3. The method according to claim 1, wherein the 2D position information comprises 2D-coordinates of each pixel or patch or 2D positional encodings of each pixel or patch.

4. The method according to claim 1, wherein the multilayer perceptron has been trained in an end-to-end manner in conjunction with the transformer network.

5. The method according to claim 1, further comprising:

generating time information for the image data, wherein the time information comprises a time stamp for each pixel or each patch; and

wherein the input data further comprises the generated time information.

6. The method according to claim 1, further comprising:

adding or concatenating the 3D positional encodings to the image data.

7. The method according to claim 1, wherein the feeding the image data together with the 3D positional encodings to a transformer network further comprises:

feeding the image data, the 3D positional encodings, and sensor data originating from one or more other vehicle-mounted sensors to the transformer network in order to generate the prediction output in the 3D reference frame or the 2D reference frame of the vehicle.

8. The method according to claim 1, wherein the prediction output is one of an object detection prediction output, a lane detection prediction output, an object trajectory prediction output, an ego-vehicle trajectory prediction output, or an occupancy prediction output.

9. The method according to claim 1, further comprising:

transmitting the generated prediction output to one or more downstream functions of the ADS configured to control the vehicle based on the generated prediction output.

10. A non-transitory computer-readable storage medium comprising instructions which, when executed by a computing device of a vehicle, causes the computing device to carry out the method according to claim 1.

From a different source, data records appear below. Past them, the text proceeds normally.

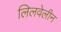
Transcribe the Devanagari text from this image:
लिलवेलीन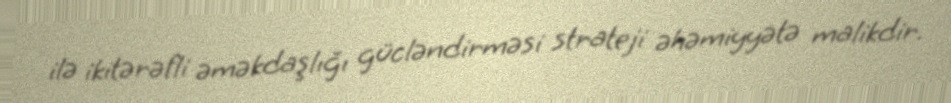
ilə ikitərəfli əməkdaşlığı gücləndirməsi strateji əhəmiyyətə malikdir.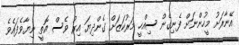
އޭނާރަށު މީހުންނަށް ފެނިގެން ސިއްހީ މަރުކަޒަށް ގެންދިޔަ އިރު ވެސް އޮތީ ނިޔާވެފައެވެ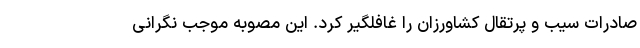
صادرات سیب و پرتقال کشاورزان را غافلگیر کرد. این مصوبه موجب نگرانی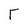
Character: T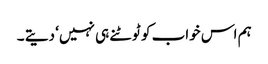
ہم اس خواب کو ٹوٹنے ہی نہیں‘ دیتے ۔
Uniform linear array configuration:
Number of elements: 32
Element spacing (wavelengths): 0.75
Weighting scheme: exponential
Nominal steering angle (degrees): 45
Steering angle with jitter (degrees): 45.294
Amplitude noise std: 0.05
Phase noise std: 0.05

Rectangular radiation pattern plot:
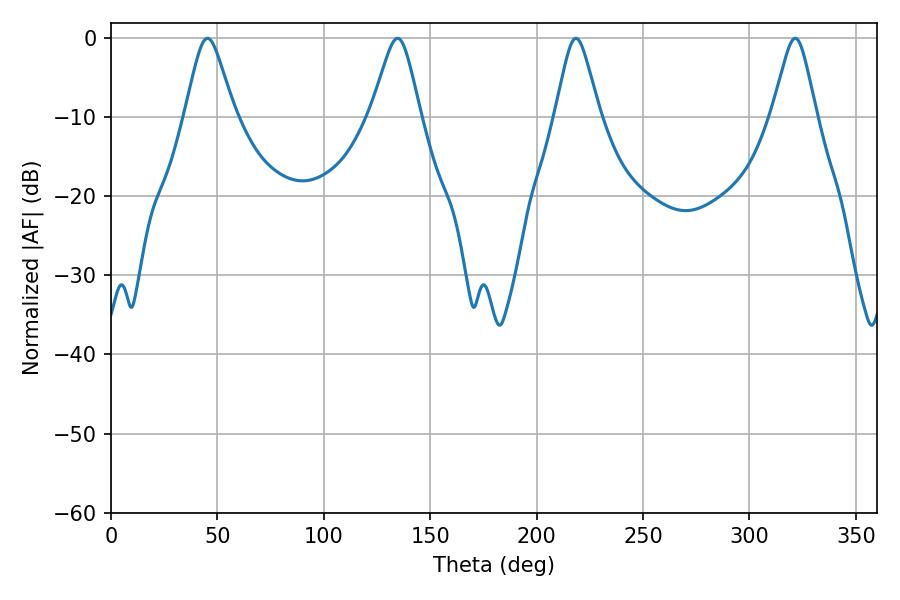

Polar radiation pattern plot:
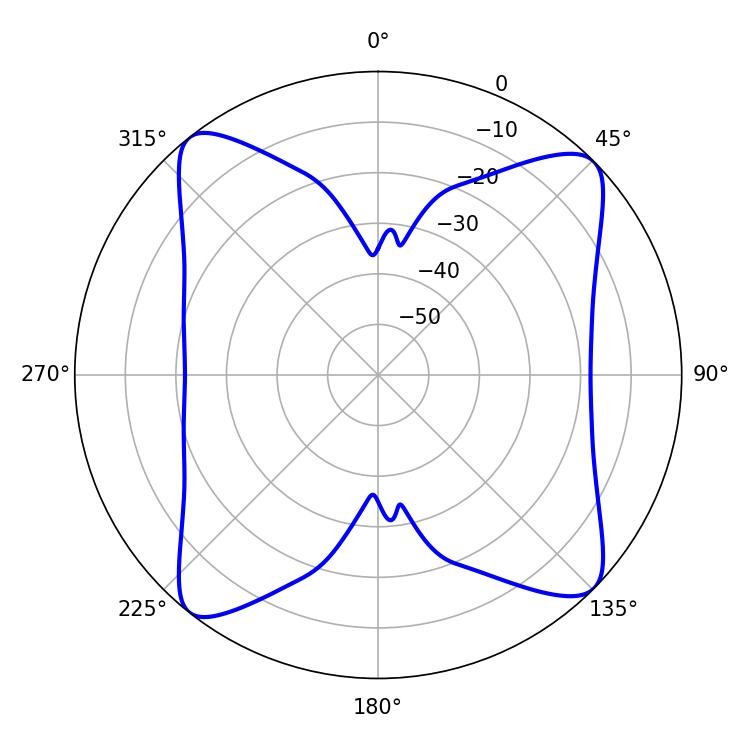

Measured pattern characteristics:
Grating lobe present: TRUE
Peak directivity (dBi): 13.942
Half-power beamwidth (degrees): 10.98
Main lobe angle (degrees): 45.36
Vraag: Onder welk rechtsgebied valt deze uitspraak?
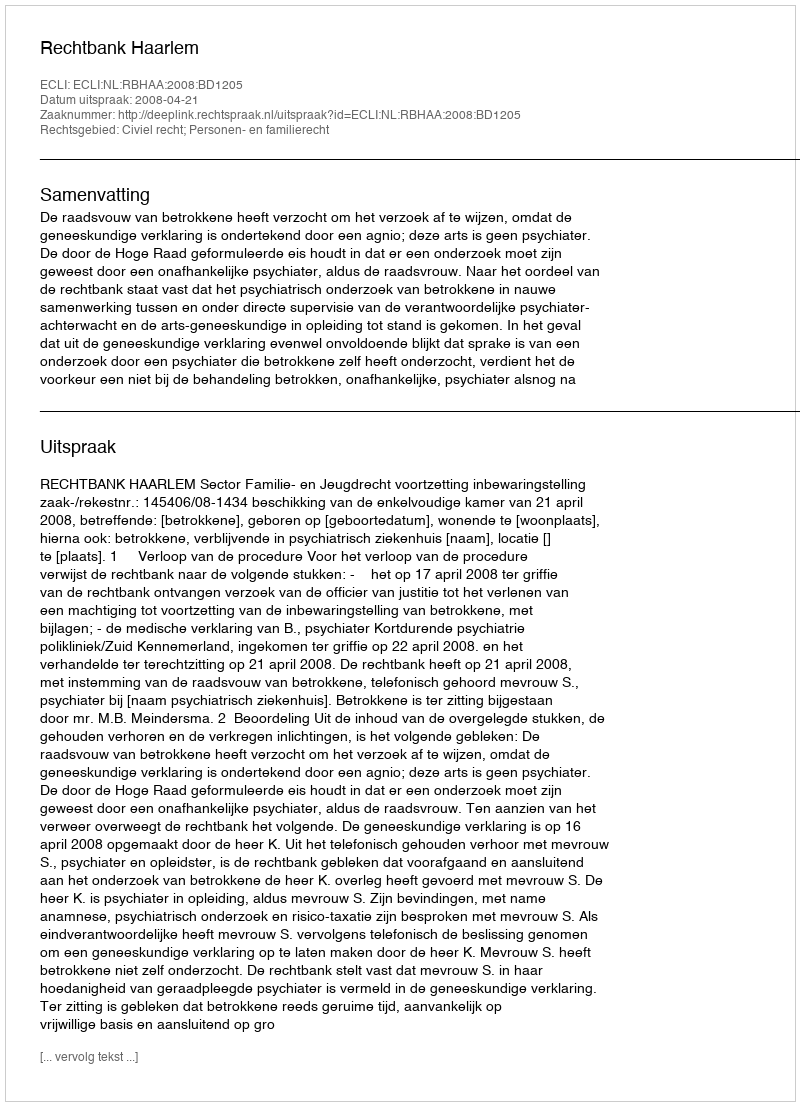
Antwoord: Civiel recht; Personen- en familierecht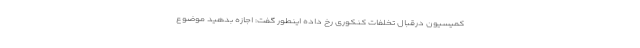
کمیسیون درقبال تخلفات کنکوری رخ داده اینطور گفت: اجازه بدهید موضوع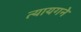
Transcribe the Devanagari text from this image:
त्यायगने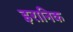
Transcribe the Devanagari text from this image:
इरानिक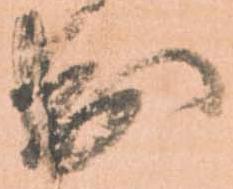
出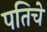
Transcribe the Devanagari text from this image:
पतिचे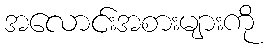
အလောင်းအစားများကို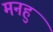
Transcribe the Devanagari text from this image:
मनहु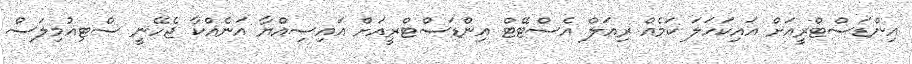
އިންޑަސްޓްރީއަށް އައިކަހަލަ ކަމެއް ރިއަލް އެސްޓޭޓް އިންޑަސްޓްރީއަށް އައިސިއްޔާ އަނެއްކާ ޖެހޭނީ ސްޓިއުމިލަސް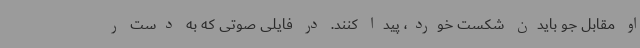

11. An apparatus for making perception predictions from 2D input data for a perception functionality of an automated driving system of a vehicle, the apparatus comprising one or more processors and one or more memory storage areas comprising program code, the one or more memory storage areas and the program code being configured to, with the one or more processors, cause the apparatus to at least:

generate 2D position information for image data representative of an image captured by a vehicle-mounted camera, wherein the 2D position information is indicative of:

a position of each pixel out of a plurality of pixels of the image in a 2D reference frame of the image, or

a position of each patch out of a plurality of patches of the image in the 2D reference frame of the image;

feed input data comprising the generated 2D position information, extrinsic parameters of the vehicle-mounted camera, intrinsic parameters of the vehicle-mounted camera, and distortion parameters of the vehicle-mounted camera to a multilayer perceptron configured to process the input data and output 3D positional encoding for the plurality of pixels or the plurality of patches; and

feed the image data and the 3D positional encodings to a transformer network configured to process the image data and the 3D positional encodings and to generate a prediction output in a 3D reference frame or a 2D reference frame of the vehicle.

12. The apparatus according to claim 11, wherein the one or more memory storage areas and the program code being further configured to, with the one or more processors, cause the apparatus to at least:

generate time information for the image data, wherein the time information comprises a time stamp for each pixel or each patch; and

wherein the input data further comprises the generated time information.

13. The apparatus according to claim 11, wherein the one or more memory storage areas and the program code being further configured to, with the one or more processors, cause the apparatus to at least:

feed the image data, the 3D positional encodings, and sensor data originating from one or more other vehicle-mounted sensors to the transformer network in order to generate the prediction output in the 3D reference frame or the 2D reference frame of the vehicle.

14. A vehicle comprising the apparatus according to claim 11.